◆ **WORK ITEM**:
Omitting all images, transcribe the entries word for word.

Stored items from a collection

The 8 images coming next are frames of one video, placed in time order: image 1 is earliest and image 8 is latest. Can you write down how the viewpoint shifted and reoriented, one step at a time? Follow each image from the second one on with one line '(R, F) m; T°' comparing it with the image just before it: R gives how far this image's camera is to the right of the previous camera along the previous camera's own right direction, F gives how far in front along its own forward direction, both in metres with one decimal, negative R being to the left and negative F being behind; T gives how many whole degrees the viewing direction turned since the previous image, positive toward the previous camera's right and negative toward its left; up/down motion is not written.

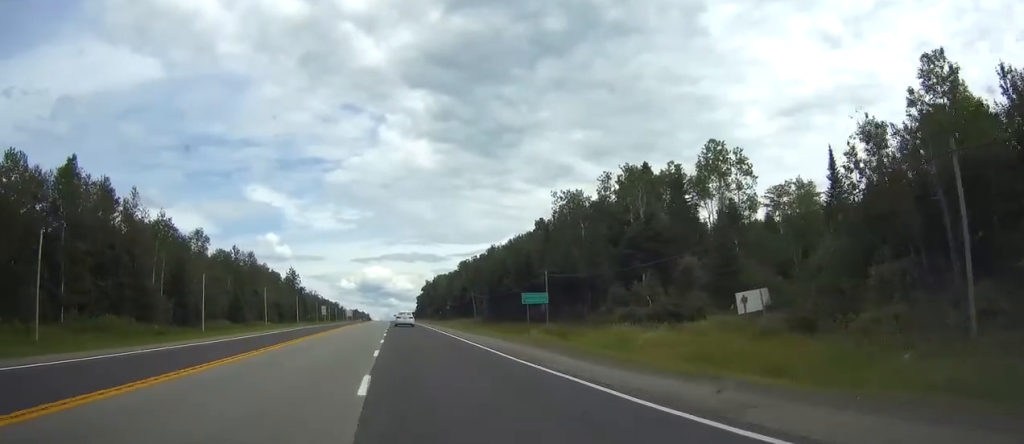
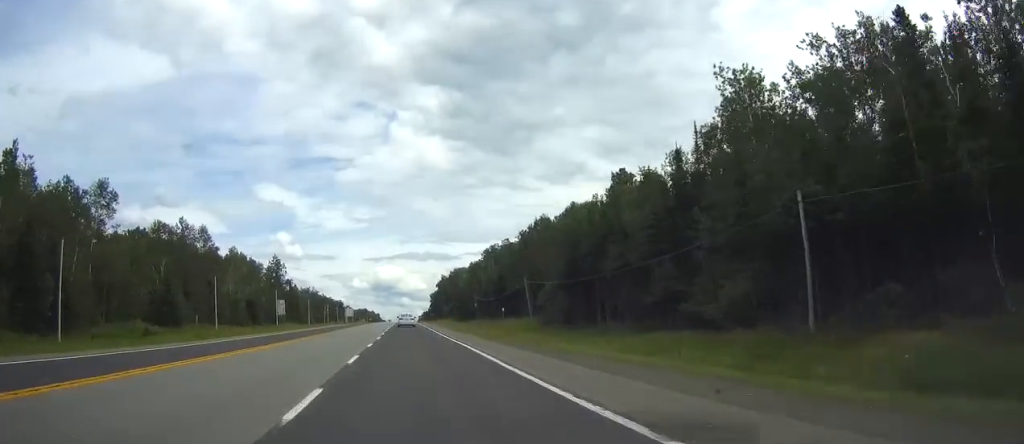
(-0.4, +55.4) m; 0°
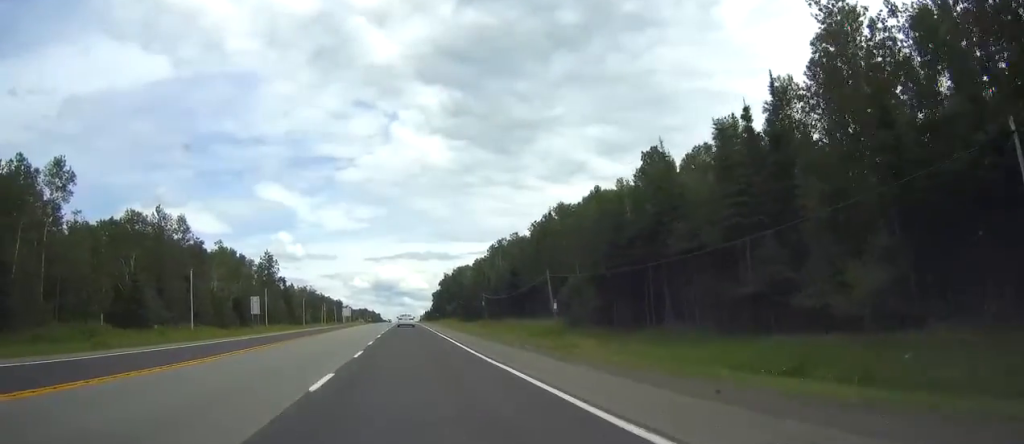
(0.0, +14.5) m; 0°
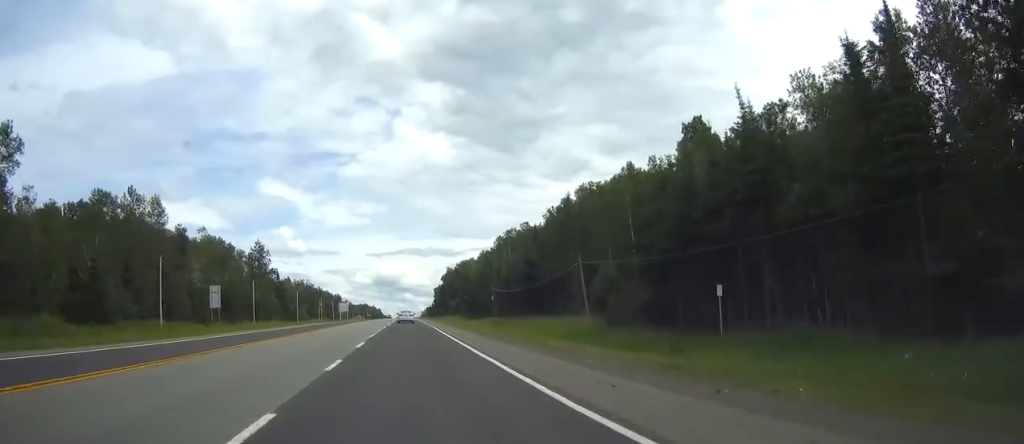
(0.0, +14.5) m; 0°
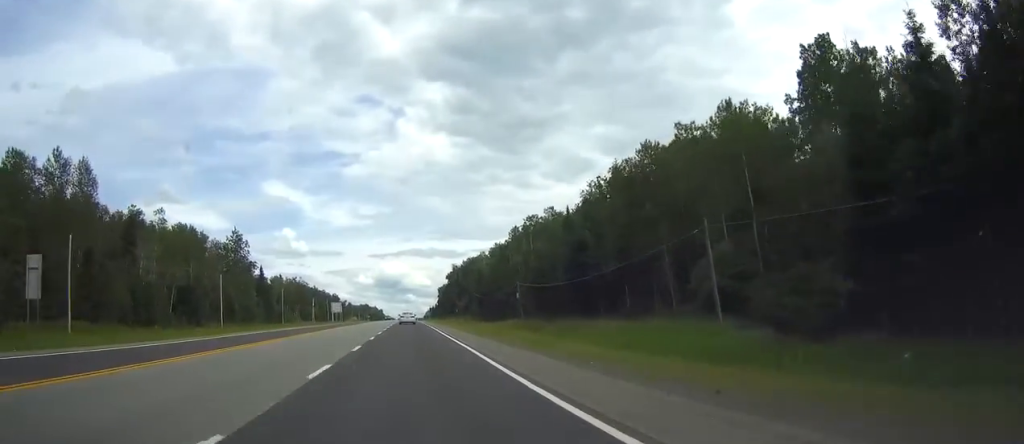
(0.0, +27.9) m; 0°
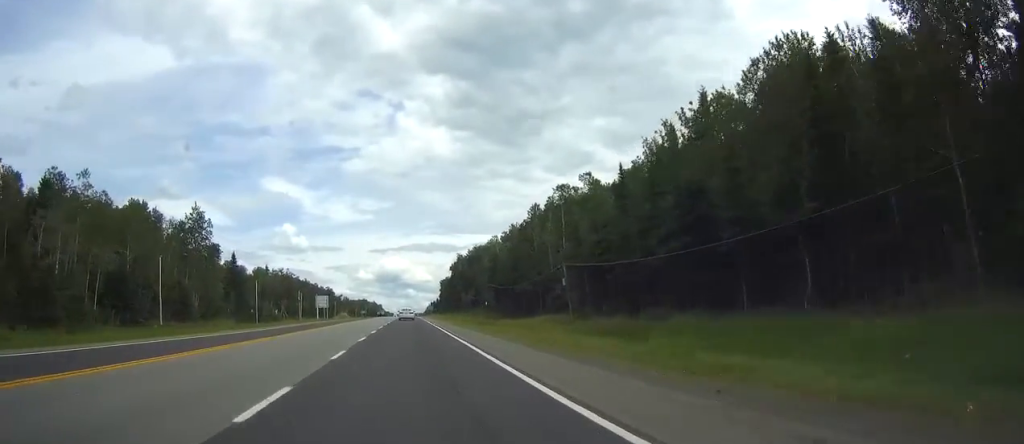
(0.0, +31.2) m; 0°
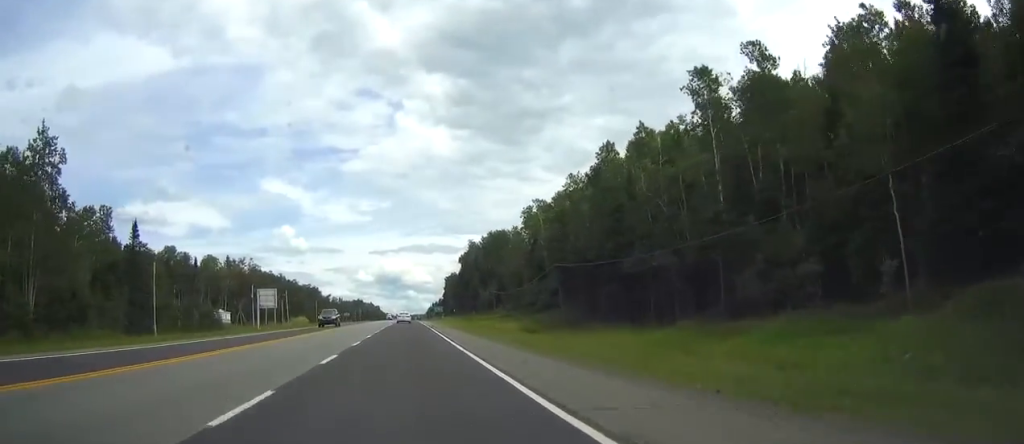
(0.0, +63.2) m; 0°
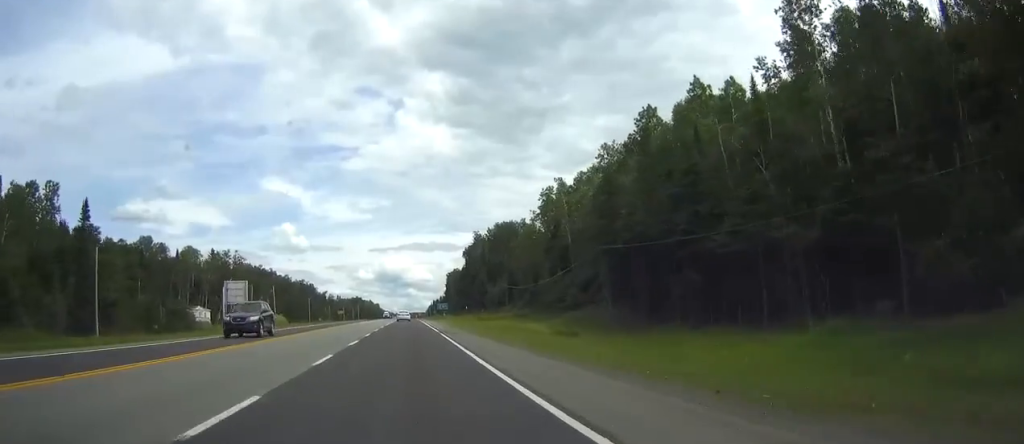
(0.0, +18.7) m; 0°

◆ **ANSWER FOR THIS EXERCISE**:
The 8 images coming next are frames of one video, placed in time order: image 1 is earliest and image 8 is latest. Can you write down how the viewpoint shifted and reoriented, one step at a time? Follow each image from the second one on with one line '(R, F) m; T°' comparing it with the image just before it: R gives how far this image's camera is to the right of the previous camera along the previous camera's own right direction, F gives how far in front along its own forward direction, both in metres with one decimal, negative R being to the left and negative F being behind; T gives how many whole degrees the viewing direction turned since the previous image, positive toward the previous camera's right and negative toward its left; up/down motion is not written.

(-0.4, +55.4) m; 0°
(0.0, +14.5) m; 0°
(0.0, +14.5) m; 0°
(0.0, +27.9) m; 0°
(0.0, +31.2) m; 0°
(0.0, +63.2) m; 0°
(0.0, +18.7) m; 0°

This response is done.